Well yes. I already have a Gesshin 8K and can afford to replace my Beston 500, Bester 1200 and Chosera 3K with the Gesshin 400 and 2K if I want. But, "can afford" and want to throw out three perfectly good stones for something only slightly better is another story. It's something I think about, but don't lose sleep over. I'll wait til the 1200 wears out.

I've talked about some of my knife and stone choices in terms of comparison and recommendations, but mostly just to give some context. _Remember, you are the subject of this conversation._

Hope this helps,

BDL


----------



## dreamwrx (Oct 30, 2012)

I'm glad BDL is here to correct misinformation.. live and learn...


----------



## owlbass (Aug 23, 2012)

Thank you BDL, your explanation of the steels was very helpful.

I decided to call Mark at CKTG yesterday and he had some interesting things to say about the Ultimatum and Artifex. He told me that they have the same profile and grind, and the only differences between the two is the handle and steel. According to his specs on the the website the Artifex actually weighs 2oz less, which is probably from the lack of a bolster.  But also on the website the Ultimatum has spine thickness of 2.85mm and the Artifex has a heel thickness of 2.4. 

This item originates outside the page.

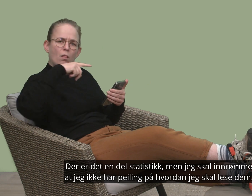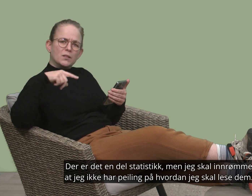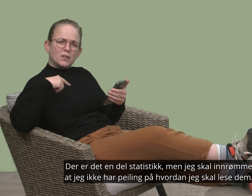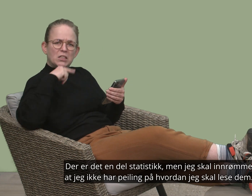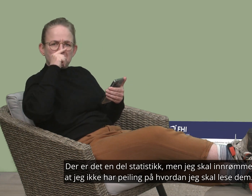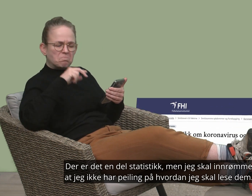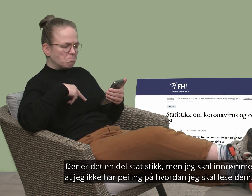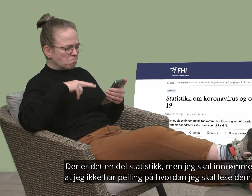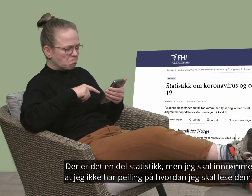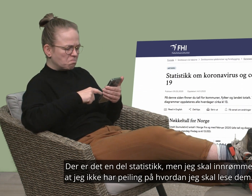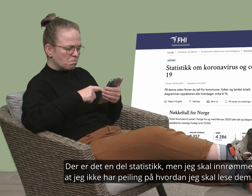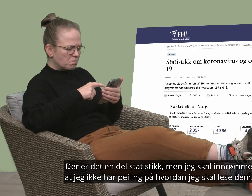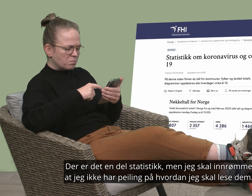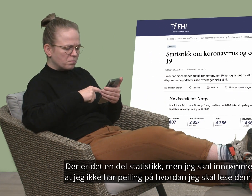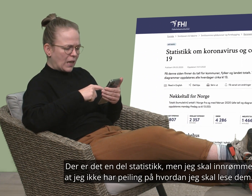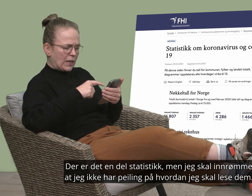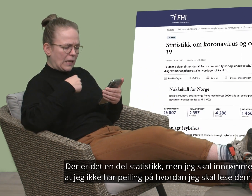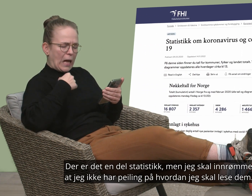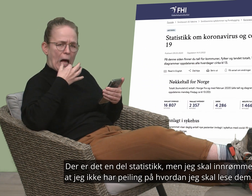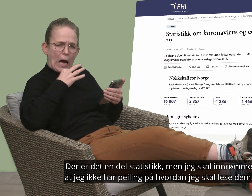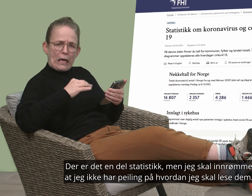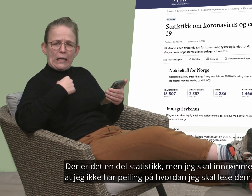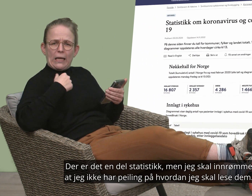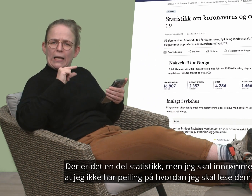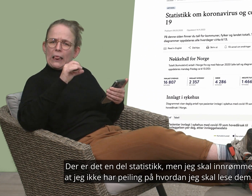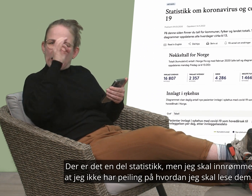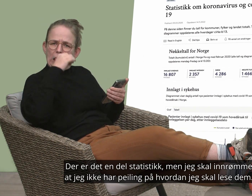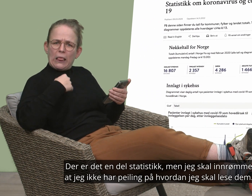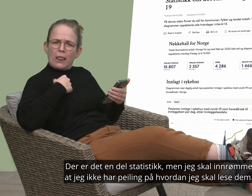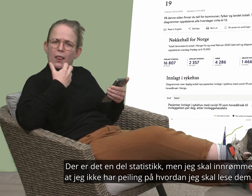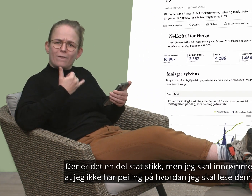Der er det en del statistikk, men jeg skal innrømme at jeg har ikke peiling på hvordan jeg skal lese dem.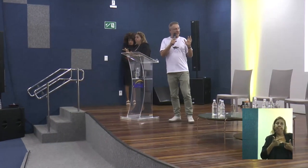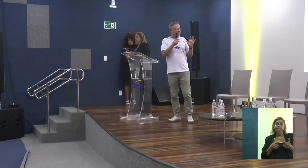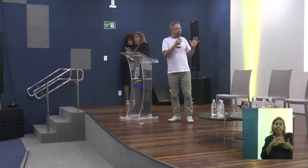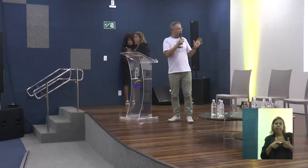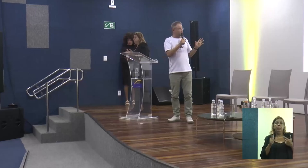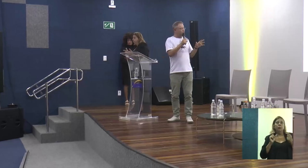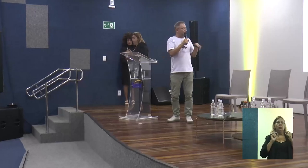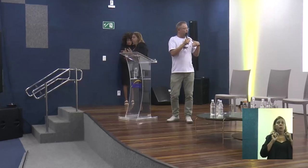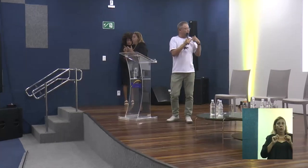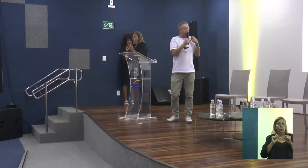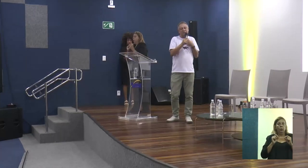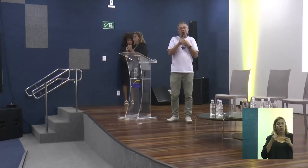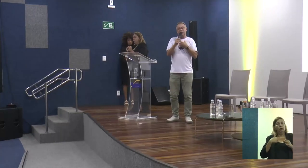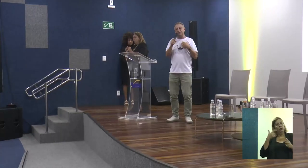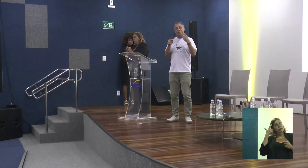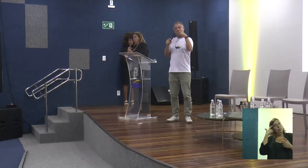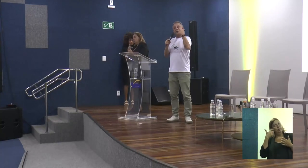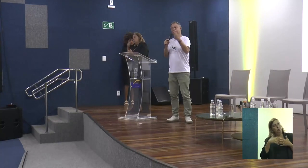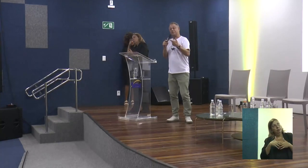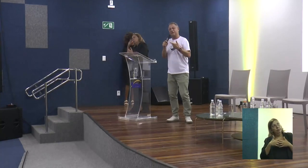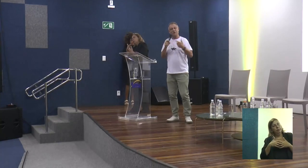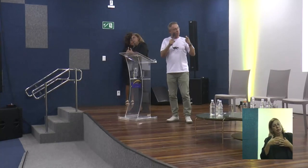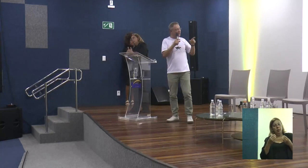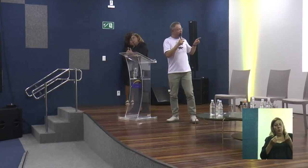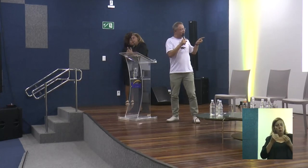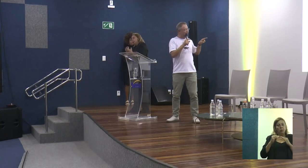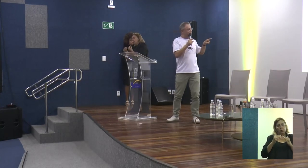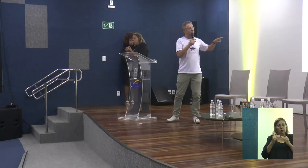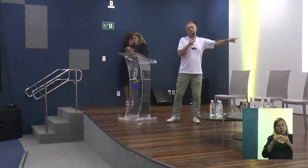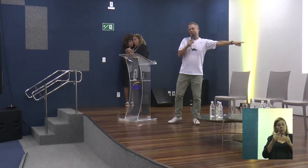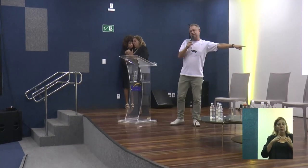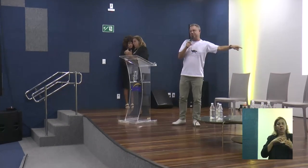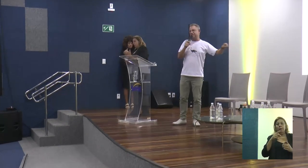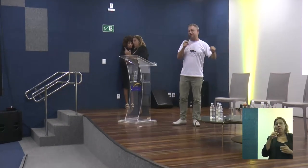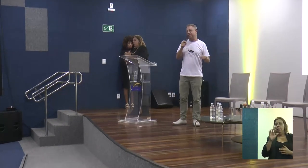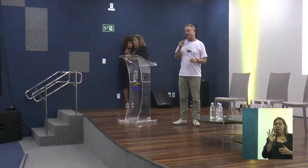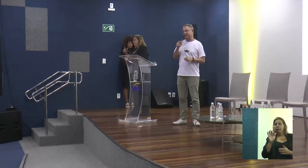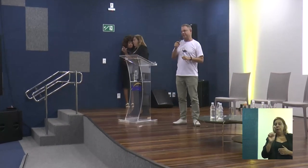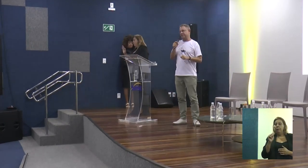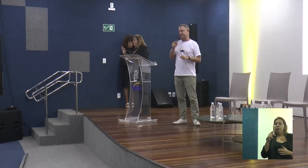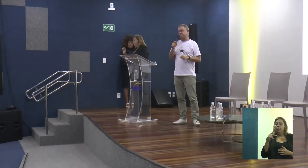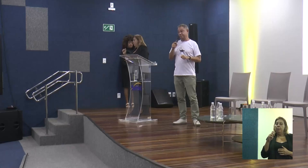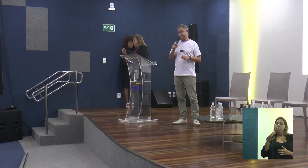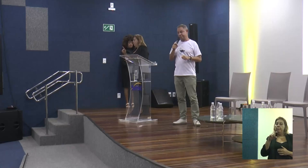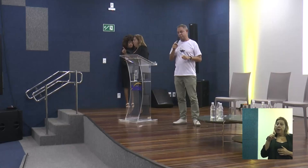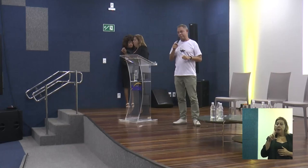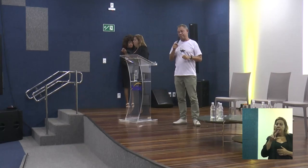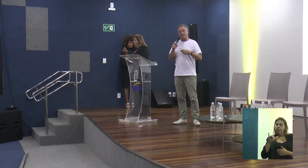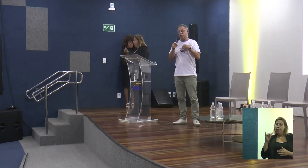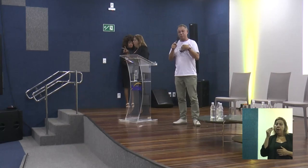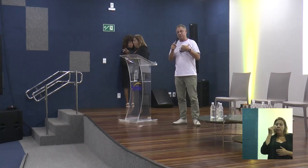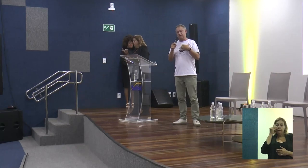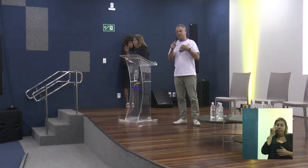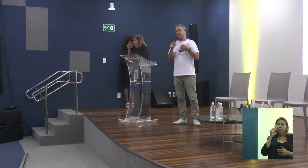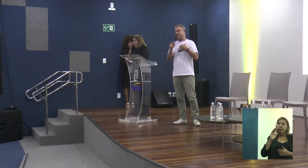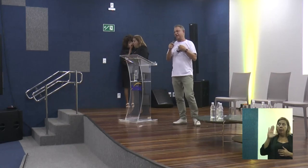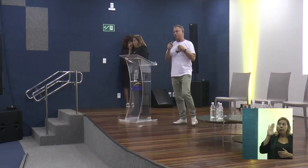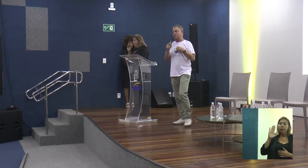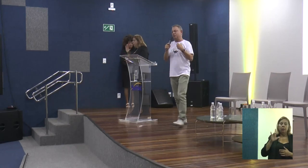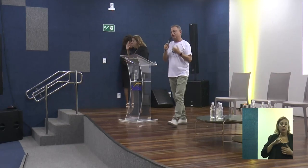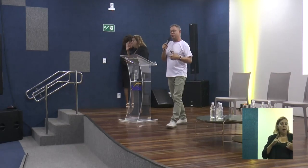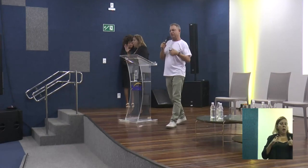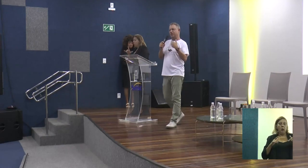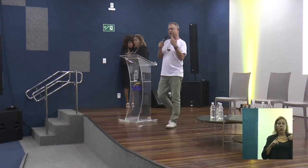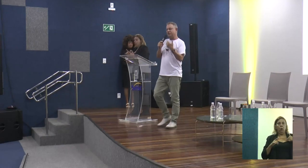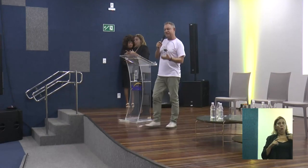é que, eu fico pensando no periferia viva, como é que a FAPEX vai se candidatar? Eu não posso me

What's the difference between these two measurements? Heel vs Spine?

Lastly, has anyone tried the Ultimatum and the Artifex? If so, comments and comparisons would be helpful.

At the moment I'm leaning towards the Artifex 240 gyuto and 150 petty. All for less than the price of an Ultimatum. I know a couple of days ago I was leaning towards the Ultimatum or Masamoto VG. But since I just found out the Artifex is a copy of the Masamoto KS it makes me think twice about it.

I know I probably won't appreciate the 'magic' profile but it makes me feel better. And hopefully in a year my knife skills will improve enough to where it will make me appreciate it.

Thanks again for everyone's help and patience


----------